Acid Bath: When the Kite String Pops

 


One foot in the dying grunge scene of the early '90s. The other sunk deep in NOLA, the cradle of sludge metal. That's how Acid Bath were born in Louisiana. Like creatures straight out of Alan Moore's mind, prowling swamps that reek of burnt gasoline, blood, desperation, and vodka.


I'm not going to talk about the cover, a painting by John Wayne Gacy. Yes, it helped the band sell a lot of records for an underground group, but it's not the heart of When the Kite String Pops. The title says it all. An impending sentence. The exact moment of anguish right before damnation. Or maybe salvation, when you're already on the gallows.


Without the Melvins, the sludge scene probably wouldn't be what we know today, although it would have been born anyway. Black Sabbath, Black Flag, and Southern Rock were already there. The Melvins just brought us closer and sped up the process. But another key piece, at least in Acid Bath's sound, was Alice in Chains. It's impossible not to recognize the influence of Layne Staley's voice and Jerry Cantrell's guitars.


Acid Bath's vocalist, Dax Riggs, sometimes sounds as unsettling as Staley. That existential anguish that doesn't ask permission before infecting you. But I'm not talking about the influence of an album like Facelift, which still carried some of the band's early glamorous hard rock. I'm talking about Dirt, where the band had already lost their minds and it sounds like a rainbow drowned in mud.

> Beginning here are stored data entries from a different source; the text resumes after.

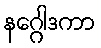
နဂ္ဂေါဒကာ
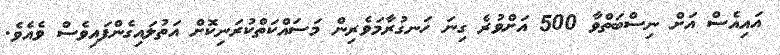
އައިއެސް އަށް ނިސްބަތްވާ 500 އަށްވުރެ ގިނަ ހަނގުރާމަވެރިން މަސައްކަތްކުރަނިކޮށް އަތުލައިގެންފައިވެސް ވެއެވެ.
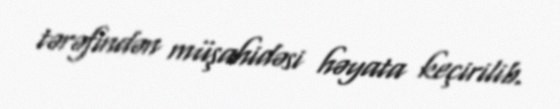
tərəfindən müşahidəsi həyata keçirilib.
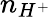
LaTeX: n_{H^{+}}
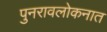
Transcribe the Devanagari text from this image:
पुनरावलोकनात
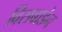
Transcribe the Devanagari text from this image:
विसबाडेन
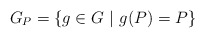
\begin{align*}G_P=\{g\in G\ |\ g(P)=P\}\end{align*}
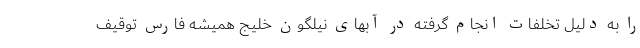
را به دلیل تخلفات انجام گرفته در آبهای نیلگون خلیج همیشه فارس توقیف
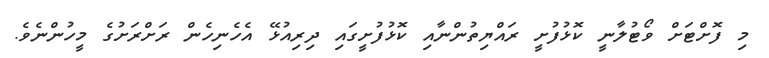
މި ފޮށްޓަށް ވޯޓުލާނީ ކޮޅުފުށީ ރައްޔިތުންނާއި ކޮޅުފުށީގައި ދިރިއުޅޭ އެހެނިހެން ރަށްރަށުގެ މީހުންނެވެ.
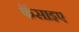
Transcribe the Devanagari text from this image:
फॅसाइए
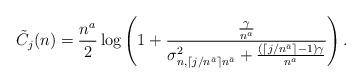
LaTeX: \begin{align*}\tilde{C}_j(n)=\frac{n^a}{2}\log\left(1+\frac{\frac{\gamma}{n^a}}{\sigma_{n,\lceil j/n^{\bar{a}}\rceil n^{\bar{a}}}^2 + \frac{(\lceil j/n^{\bar{a}}\rceil-1)\gamma}{n^a}}\right).\end{align*}
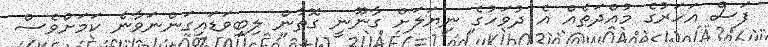
ފަސް އަހަރުގެ މުއްދަތެއް އެ ދުވަހުގެ ނިޔަލަށް ގާނޫނީ ގޮތުން ލިބިވަޑައިގަންނަވާނެ ކަމަށްވެސް
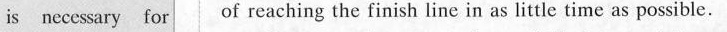
is necessary for of reaching the finish line in as little time as possible.
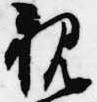
親
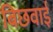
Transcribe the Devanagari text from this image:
बिछवाई
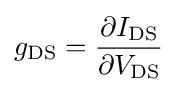
g_{\text{DS}}={\frac {\partial I_{\text{DS}}}{\partial V_{\text{DS}}}}
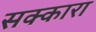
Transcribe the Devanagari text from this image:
सक्कारा
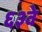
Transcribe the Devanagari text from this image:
६३वे
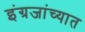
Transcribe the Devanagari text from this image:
इंग्रजांच्यात
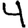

Completely covered, suffocating to death. Multiply that by a thousand and you'll get something very close to Acid Bath, who, along with Eyehategod and Crowbar, put NOLA on the musical map. Again and again, even though hurricanes tried to erase them and the swamps tried to swallow them whole.


Maybe Acid Bath used Dirt as inspiration. Or maybe Jerry Cantrell used Acid Bath as a starting point for his Degradation Trip, another album that suffocates and corrodes with the same coldness.


Doom metal, grunge, and blues. A dense and toxic combination all at once. Sammy Duet and Mike Sanchez's guitars may have elements of the Melvins, but they also sound like Morbid Angel. There are traces of extreme metal in Acid Bath, no doubt. The rhythm section has some of the surgical precision of Exhorder. There are moments that remind me of Kyuss, that legendary band born under the annihilating desert sun. But these NOLA Kyuss aren't fighting against the brutal, crushing sun. They fight desperately not to be swallowed alive by swamps infested with beasts and anguish.


When the Kite String Pops sounds like a nightmare of devastating psychological impact. It's The Texas Chainsaw Massacre relocated to the swamps. The unstoppable killer chasing you with the chainsaw revving. If Dirt took you to the gates of madness, this album will sink you into the darkest abyss, never to return.


Black metal may have been born in Norway, but its existential equivalent was born in the swamps of NOLA. Both are equally terrifying. Later would come more elaborate things like Down and the reinvention of Corrosion of Conformity, but in 1994, Acid Bath were the kings of the swamp and When the Kite String Pops their chilling legacy.